In [None]:
# 🛠️ Step 1: Authenticate
from google.colab import auth
auth.authenticate_user()

# 📦 Imports
from google.cloud import bigquery
from google.auth import default
import pandas as pd
import json
import os

# 🧠 Step 2: Set project ID
PROJECT_ID = 'INSERT_BIGQUERY_PROJECT_ID_HERE'  # Replace with your actual project

# 💬 Step 3: Optional dataset selector
dataset_input = input("Enter a specific Dataset ID to scan (or leave blank to scan ALL datasets): ")
target_dataset_id = dataset_input.strip()

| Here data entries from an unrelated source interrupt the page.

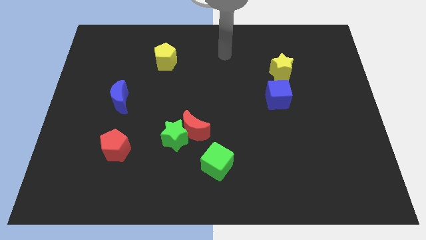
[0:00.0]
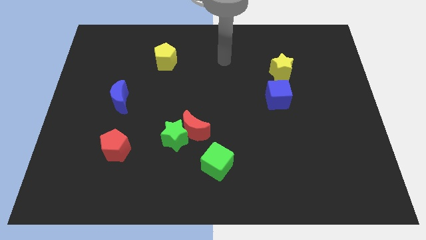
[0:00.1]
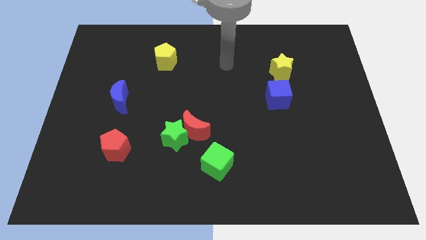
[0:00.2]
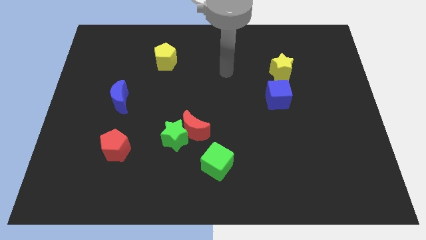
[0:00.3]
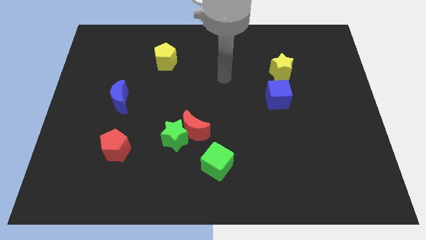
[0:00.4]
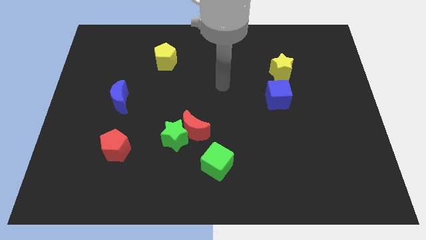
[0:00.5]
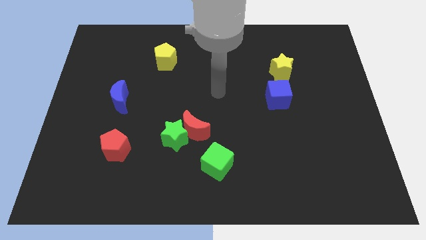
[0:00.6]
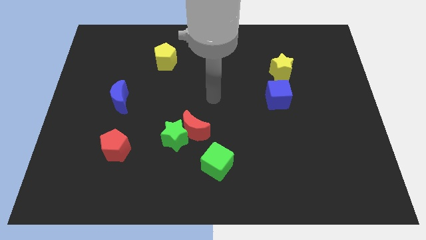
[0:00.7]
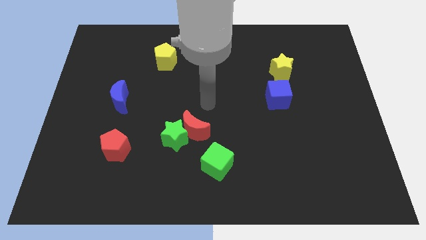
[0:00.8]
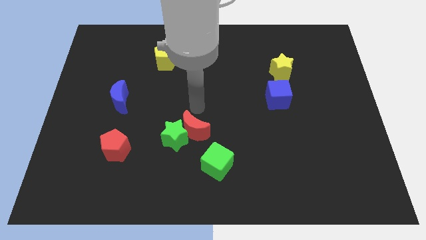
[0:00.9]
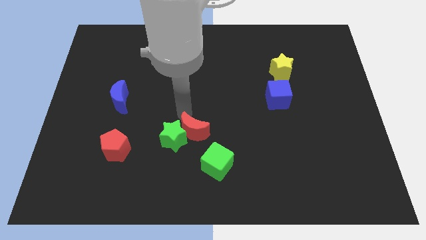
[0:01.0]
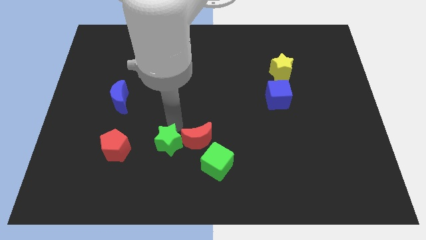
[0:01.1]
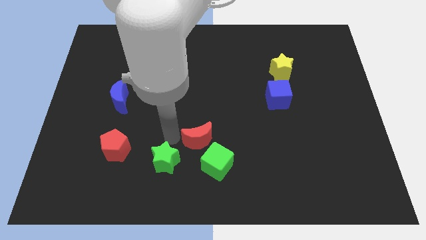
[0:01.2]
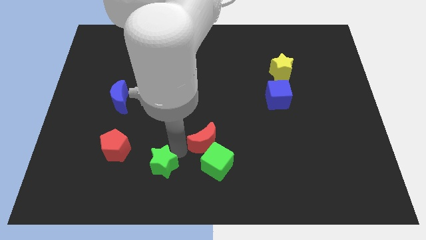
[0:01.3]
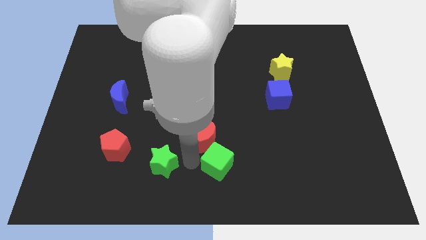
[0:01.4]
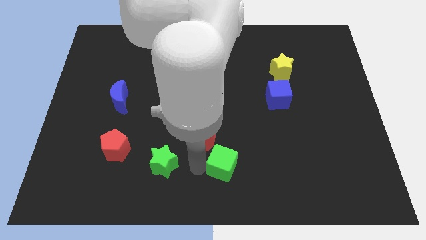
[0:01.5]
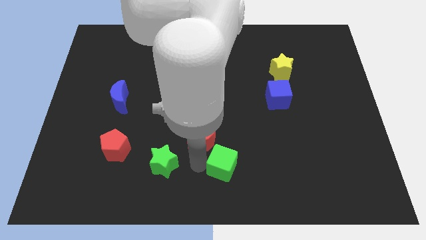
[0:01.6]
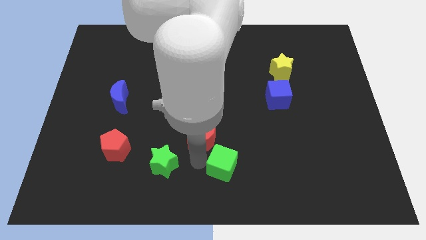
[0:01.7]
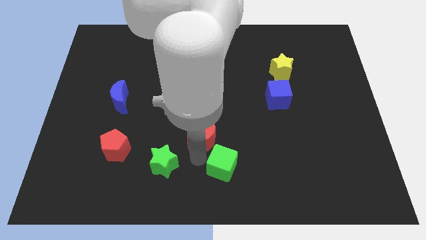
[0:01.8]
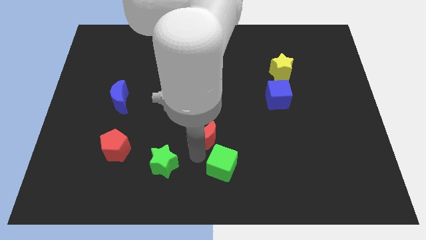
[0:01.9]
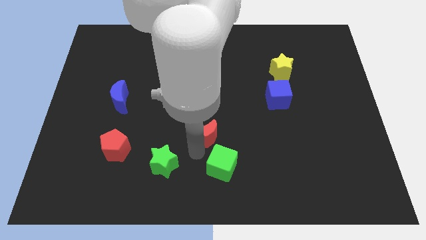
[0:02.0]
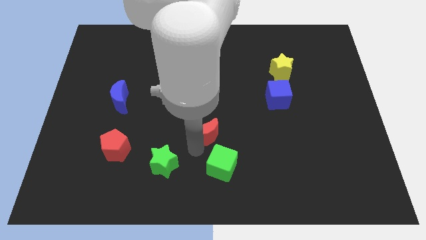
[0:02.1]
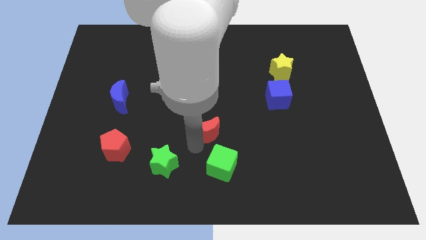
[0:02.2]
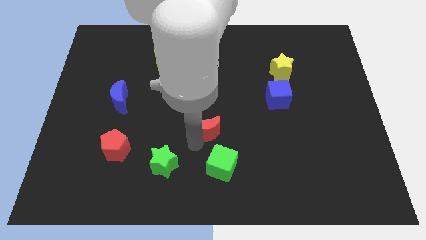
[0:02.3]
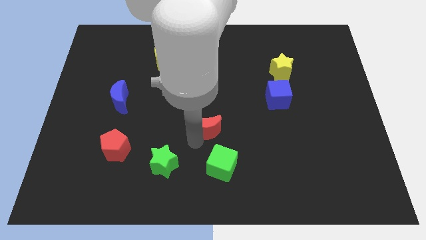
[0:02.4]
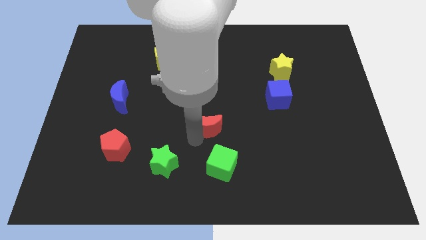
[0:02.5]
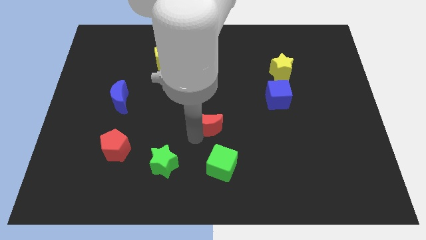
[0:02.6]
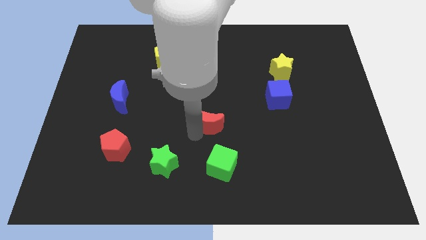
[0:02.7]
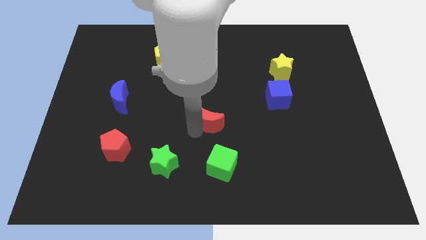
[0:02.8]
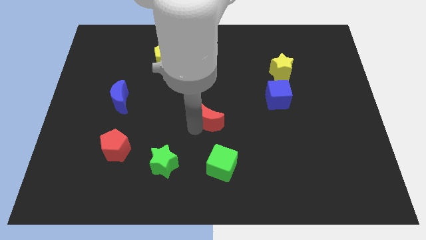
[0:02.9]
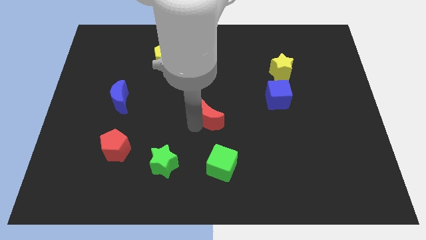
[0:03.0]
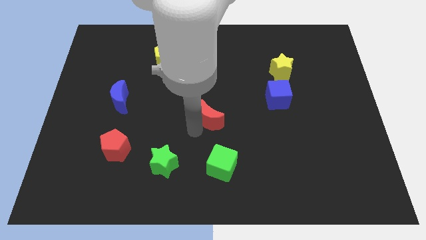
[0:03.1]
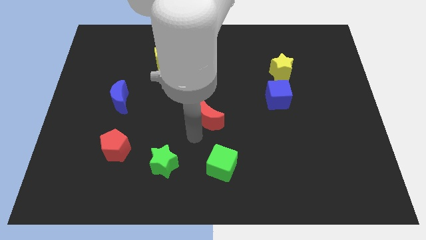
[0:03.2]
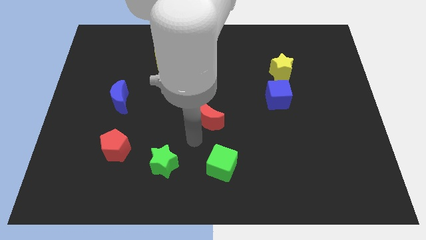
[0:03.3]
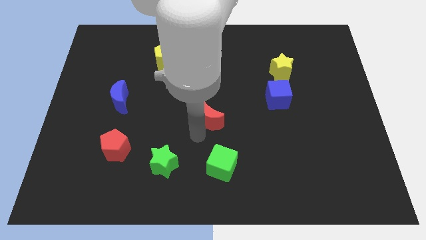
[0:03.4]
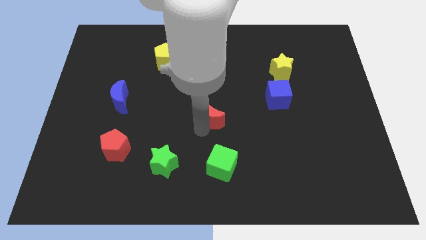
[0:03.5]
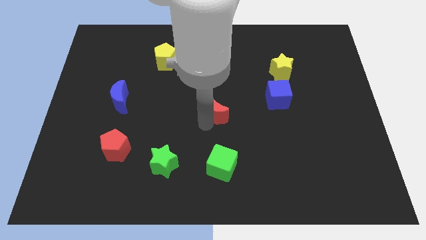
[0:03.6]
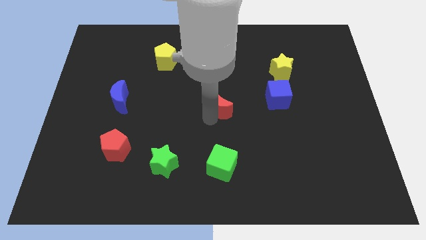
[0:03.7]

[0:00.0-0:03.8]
move the red moon upwards and then right a little

# 💬 Step 4: Choose export format
export_format_input = input("Choose export format ('csv' or 'json'): ")
export_format = export_format_input.strip().lower()
assert export_format in ['csv', 'json'], "Please enter 'csv' or 'json'"

# 🔌 Step 5: Initialize client
creds, _ = default()
client = bigquery.Client(project=PROJECT_ID, credentials=creds)

# 📡 Step 6: Extract schema
print(f"\n🔍 Scanning BigQuery project: {PROJECT_ID}")
schema_data = []

datasets = client.list_datasets()

for dataset in datasets:
    dataset_id = dataset.dataset_id
    full_dataset = f"{PROJECT_ID}.{dataset_id}"

    if target_dataset_id and dataset_id != target_dataset_id:
        continue  # Skip unrelated datasets if one is specified

    print(f"\n📁 Dataset: {full_dataset}")
    tables = client.list_tables(full_dataset)

    if not tables:
        print("  (No tables found)")
        continue

    for table in tables:
        full_table_id = f"{full_dataset}.{table.table_id}"
        print(f"  📄 Table: {table.table_id}")
        table_ref = client.get_table(full_table_id)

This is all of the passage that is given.